Re: Handling schema change in blocking operators

Posted by Boaz Ben-Zvi <bo...@apache.org>.

  Hi Paul,

(_a_)  Having a "schema file" sounds like contradiction to calling Drill 
"schema free"; maybe we could "sweep it under the mat" by creating a new 
convention for scanners, such that if a scanner has multiple files to 
read (e.g. f1.csv, f2,csv, ...), then is there's some file named 
"MeFirst.csv", it would always be read first !! (With some option to 
skip some of the rows there, like "MeFirst0.csv" means skip all the rows).
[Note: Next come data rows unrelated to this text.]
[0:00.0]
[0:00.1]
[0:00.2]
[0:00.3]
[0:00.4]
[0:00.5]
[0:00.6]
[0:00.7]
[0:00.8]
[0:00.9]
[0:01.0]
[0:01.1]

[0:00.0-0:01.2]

(_b_) If the schema (hint) is kept somewhere, could it be updated 
automatically by the executing query ? If so, running again a query that 
failed with "schema change" my succeed second time. If there is an issue 
with permissions, maybe each user can keep such cache in its ~/.drill ...
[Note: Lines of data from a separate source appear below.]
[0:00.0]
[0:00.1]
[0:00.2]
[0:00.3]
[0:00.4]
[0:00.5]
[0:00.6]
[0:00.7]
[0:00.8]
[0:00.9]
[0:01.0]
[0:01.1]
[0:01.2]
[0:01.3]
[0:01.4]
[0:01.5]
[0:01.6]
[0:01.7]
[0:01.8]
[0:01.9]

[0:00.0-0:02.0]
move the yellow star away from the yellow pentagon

(_c_) Indeed we can't have a general "schema change" solution; however 
we can focus on the low hanging fruit, namely "schema evolution". In 
many cases, the change in the schema is "natural", and we could easily 
adopt the blocking operator. Cases like:

    * Column added

    * Fields added in a Json

    * Numeric "enlargement", like INT --> BIGINT, or INT --> DECIMAL, etc.

    * Non-Nullable to Nullable.

Further ideas:

- A blocking operator has a notion of the current schema; once the 
schema "evolves", it  can either "pause and convert all the old ones", 
or work lazily -- just track the old ones, and make changes as needed 
(e.g., work with two sets of generated code, as needed).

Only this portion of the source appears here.